Ausstellungen

Theater der Welt 2023 Incubation Pod. Dreaming worlds

29. Juni – 16. Juli 2023

Das bedeutendste internationale Theaterfestival Deutschlands kehrte nach fast 40 Jahren in die Region Frankfurt Rhein-Main zurück und zeigte vom 29. Juni bis 16. Juli 2023 faszinierende Theater-, Tanz-, Performance- und installative Kunstformate.
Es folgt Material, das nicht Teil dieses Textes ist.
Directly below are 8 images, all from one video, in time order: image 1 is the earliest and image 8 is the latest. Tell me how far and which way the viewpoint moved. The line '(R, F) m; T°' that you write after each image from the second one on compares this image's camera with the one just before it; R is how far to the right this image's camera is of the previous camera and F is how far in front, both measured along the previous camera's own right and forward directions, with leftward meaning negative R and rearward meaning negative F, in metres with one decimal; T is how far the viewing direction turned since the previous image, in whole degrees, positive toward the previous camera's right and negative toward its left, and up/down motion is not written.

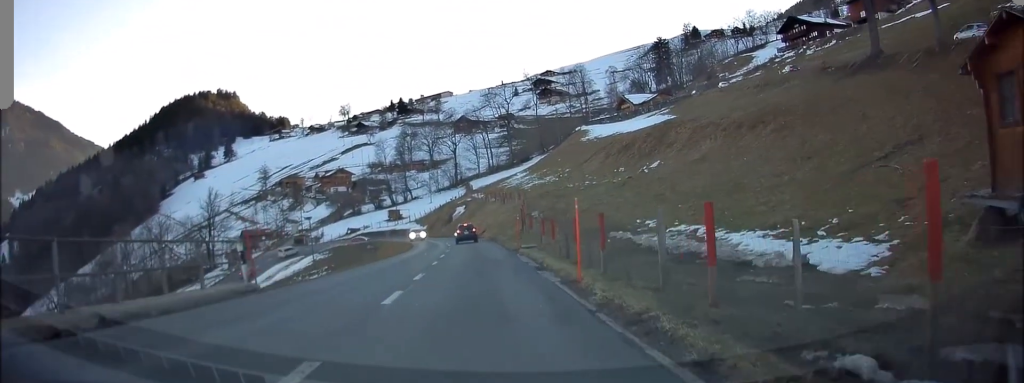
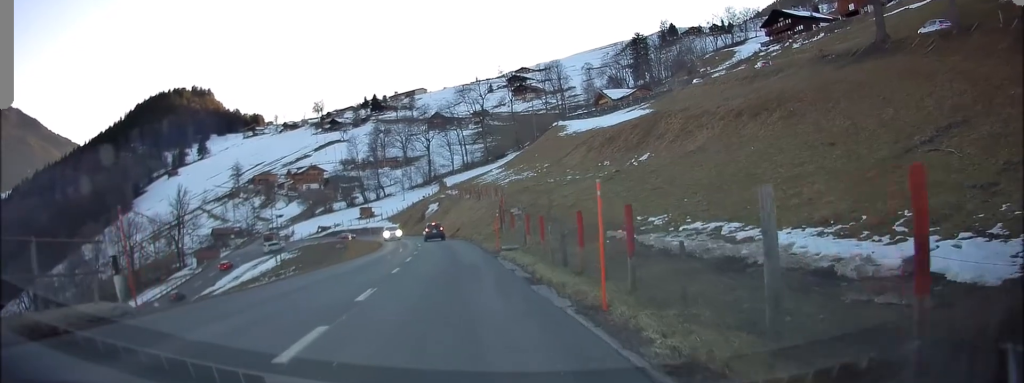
(+0.4, +4.8) m; +6°
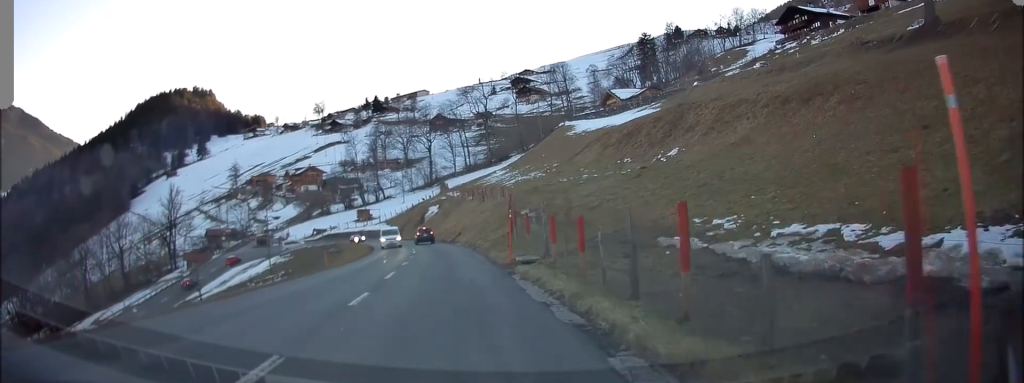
(+0.4, +6.6) m; +4°
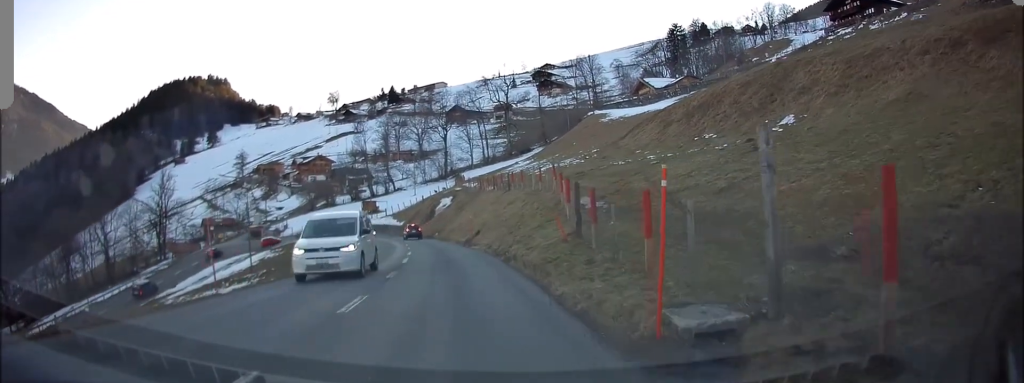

Die 16. Ausgabe des Festivals fand in Frankfurt und Offenbach statt, – initiiert und realisiert von den drei Frankfurter Kulturinstitutionen Künstler:innenhaus Mousonturm, Museum Angewandte Kunst und Schauspiel Frankfurt, – sowie dem Amt für Kulturmanagement der Stadt Offenbach als assoziiertem Partner. Die Programmdirektorin und japanische Festivalmacherin Chiaki Soma reagierte mit ihrem kuratorischen Konzept auf die aktuellen Geschehnisse in Europa und der Welt.

Premieren, Gastspiele, innovative, experimentelle, kleine feine, große laute, nachdenkliche, aufwühlende Bilder und Erlebnisse wurden mit Theater der Welt 2023 nach Offenbach und Frankfurt gebracht. Partizipative Stadtprojekte mit Beteiligten aus Frankfurt und Offenbach sorgten für eine Verbindung der besonderen Art zwischen den beiden Städten, den Mitwirkenden und den Zuschauenden.

Für Theater der Welt verwandelte sich das Museum Angewandte Kunst – einer der zentralen Treffpunkte des Festivals – in einen Incubation Pod, eine Art große Inkubationskapsel. Hier konnten Besucher:innen interaktive Installationen, virtuelle Realitäten, Performances, Workshops und Gespräche erleben, die die Aspekte des Begriffs Inkubationismus auf einzigartige Weise aufgegriffen und zum Nachdenken und Träumen angeregt haben. An zwei Wochenenden war das Museum bis spät in die Nacht hinein geöffnet, um einen ausgedehnten, traumwandlerischen Besuch der verschiedenen künstlerischen Welten zu ermöglichen.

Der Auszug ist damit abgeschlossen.